After the source PE stops sending the multicast traffic stream over the default MDT and uses the new MDT instead, only the PE routers that join the new group receive the multicast traffic for that group.
When a remote PE router joins the new data MDT group, it sends a PIM join message for the new group directly to the source PE router from the remote PE routers by means of a PIM (S,G) join.
If a PE router that has not yet joined the new data MDT group receives a PIM join message for a new receiver for which (S,G) traffic is already flowing over the data MDT in the provider core, then that PE router can obtain the new group address from its cache and can join the data MDT immediately without waiting up to 59 seconds for the next data MDT advertisement.
When the PE router to which the source site is attached sends a subsequent MDT join TLV for the VRF instance over the default MDT, any existing cache entries for that VRF instance are simply refreshed with a timeout value of 180 seconds.

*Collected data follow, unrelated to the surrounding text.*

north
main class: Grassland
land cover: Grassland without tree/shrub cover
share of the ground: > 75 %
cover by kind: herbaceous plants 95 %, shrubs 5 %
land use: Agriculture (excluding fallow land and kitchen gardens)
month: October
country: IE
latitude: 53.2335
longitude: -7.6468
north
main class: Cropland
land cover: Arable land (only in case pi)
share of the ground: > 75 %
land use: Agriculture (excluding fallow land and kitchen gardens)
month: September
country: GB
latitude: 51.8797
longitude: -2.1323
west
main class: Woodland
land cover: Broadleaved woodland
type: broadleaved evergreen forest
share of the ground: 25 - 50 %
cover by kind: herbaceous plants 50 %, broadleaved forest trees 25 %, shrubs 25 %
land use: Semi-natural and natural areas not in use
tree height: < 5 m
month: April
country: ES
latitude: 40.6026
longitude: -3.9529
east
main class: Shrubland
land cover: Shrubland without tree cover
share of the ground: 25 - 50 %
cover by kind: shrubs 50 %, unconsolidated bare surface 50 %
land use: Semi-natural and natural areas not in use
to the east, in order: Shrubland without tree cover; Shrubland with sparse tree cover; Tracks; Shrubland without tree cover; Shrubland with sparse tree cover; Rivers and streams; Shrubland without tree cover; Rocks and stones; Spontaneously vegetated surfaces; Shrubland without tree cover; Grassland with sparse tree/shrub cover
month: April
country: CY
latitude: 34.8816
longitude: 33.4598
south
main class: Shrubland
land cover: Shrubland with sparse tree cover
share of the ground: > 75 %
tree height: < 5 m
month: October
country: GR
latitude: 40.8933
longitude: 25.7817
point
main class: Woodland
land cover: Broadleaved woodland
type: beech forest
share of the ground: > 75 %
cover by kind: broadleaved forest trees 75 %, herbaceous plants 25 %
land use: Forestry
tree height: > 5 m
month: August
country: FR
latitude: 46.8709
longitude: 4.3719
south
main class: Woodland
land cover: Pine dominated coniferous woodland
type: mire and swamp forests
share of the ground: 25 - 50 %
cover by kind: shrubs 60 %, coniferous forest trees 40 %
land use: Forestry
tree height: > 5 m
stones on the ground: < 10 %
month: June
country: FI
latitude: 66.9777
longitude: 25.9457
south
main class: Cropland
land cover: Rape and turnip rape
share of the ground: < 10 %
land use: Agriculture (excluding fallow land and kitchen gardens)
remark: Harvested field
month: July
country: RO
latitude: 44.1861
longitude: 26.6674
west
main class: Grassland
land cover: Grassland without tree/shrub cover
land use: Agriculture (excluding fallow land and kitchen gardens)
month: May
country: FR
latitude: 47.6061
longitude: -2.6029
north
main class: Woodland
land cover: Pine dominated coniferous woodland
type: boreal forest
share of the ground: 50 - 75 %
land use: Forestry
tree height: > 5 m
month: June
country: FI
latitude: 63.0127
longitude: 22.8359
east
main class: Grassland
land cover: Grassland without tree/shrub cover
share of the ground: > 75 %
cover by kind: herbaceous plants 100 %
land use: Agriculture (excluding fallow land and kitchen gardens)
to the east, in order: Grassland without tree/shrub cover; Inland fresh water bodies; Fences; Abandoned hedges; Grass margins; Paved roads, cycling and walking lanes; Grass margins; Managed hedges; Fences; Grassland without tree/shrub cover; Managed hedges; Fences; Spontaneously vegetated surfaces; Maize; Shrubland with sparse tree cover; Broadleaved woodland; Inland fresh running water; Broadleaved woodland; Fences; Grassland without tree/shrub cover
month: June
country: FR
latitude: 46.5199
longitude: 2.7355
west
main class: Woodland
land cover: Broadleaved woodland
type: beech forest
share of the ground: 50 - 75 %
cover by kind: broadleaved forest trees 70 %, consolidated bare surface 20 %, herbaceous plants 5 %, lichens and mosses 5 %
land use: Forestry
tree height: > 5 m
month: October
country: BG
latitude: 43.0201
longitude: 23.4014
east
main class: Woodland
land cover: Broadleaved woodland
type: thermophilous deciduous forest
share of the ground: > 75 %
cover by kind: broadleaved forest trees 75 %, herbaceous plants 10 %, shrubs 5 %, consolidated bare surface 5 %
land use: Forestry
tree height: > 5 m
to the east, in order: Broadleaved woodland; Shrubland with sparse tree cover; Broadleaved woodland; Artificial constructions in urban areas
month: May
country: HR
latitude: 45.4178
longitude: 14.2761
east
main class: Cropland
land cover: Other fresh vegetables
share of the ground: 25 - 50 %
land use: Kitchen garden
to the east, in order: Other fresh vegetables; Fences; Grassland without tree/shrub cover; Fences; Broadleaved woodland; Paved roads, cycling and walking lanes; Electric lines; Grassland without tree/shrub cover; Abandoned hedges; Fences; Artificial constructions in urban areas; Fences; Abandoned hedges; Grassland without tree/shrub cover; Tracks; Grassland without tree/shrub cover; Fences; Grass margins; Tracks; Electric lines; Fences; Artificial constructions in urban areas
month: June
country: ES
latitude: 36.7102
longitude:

To display the information cached from MDT join TLV packets received by all PE routers in a PIM-enabled VRF instance, use the show pim mdt data-mdt-joins operational mode command.
The source PE router starts encapsulating the multicast traffic for the VRF instance using the new data MDT group after 3 seconds, allowing time for the remote PE routers to join the new group. The source PE router then halts the flow of multicast packets over the default MDT, and the packet flow for the VRF instance source shifts to the newly created data MDT.
The PE router monitors the traffic rate during its periodic statistics-collection cycles. If the traffic rate drops below the threshold or the source stops sending multicast traffic, the PE router to which the source site is attached stops announcing the MDT join TLVs and switches back to sending on the default MDT for that VRF instance.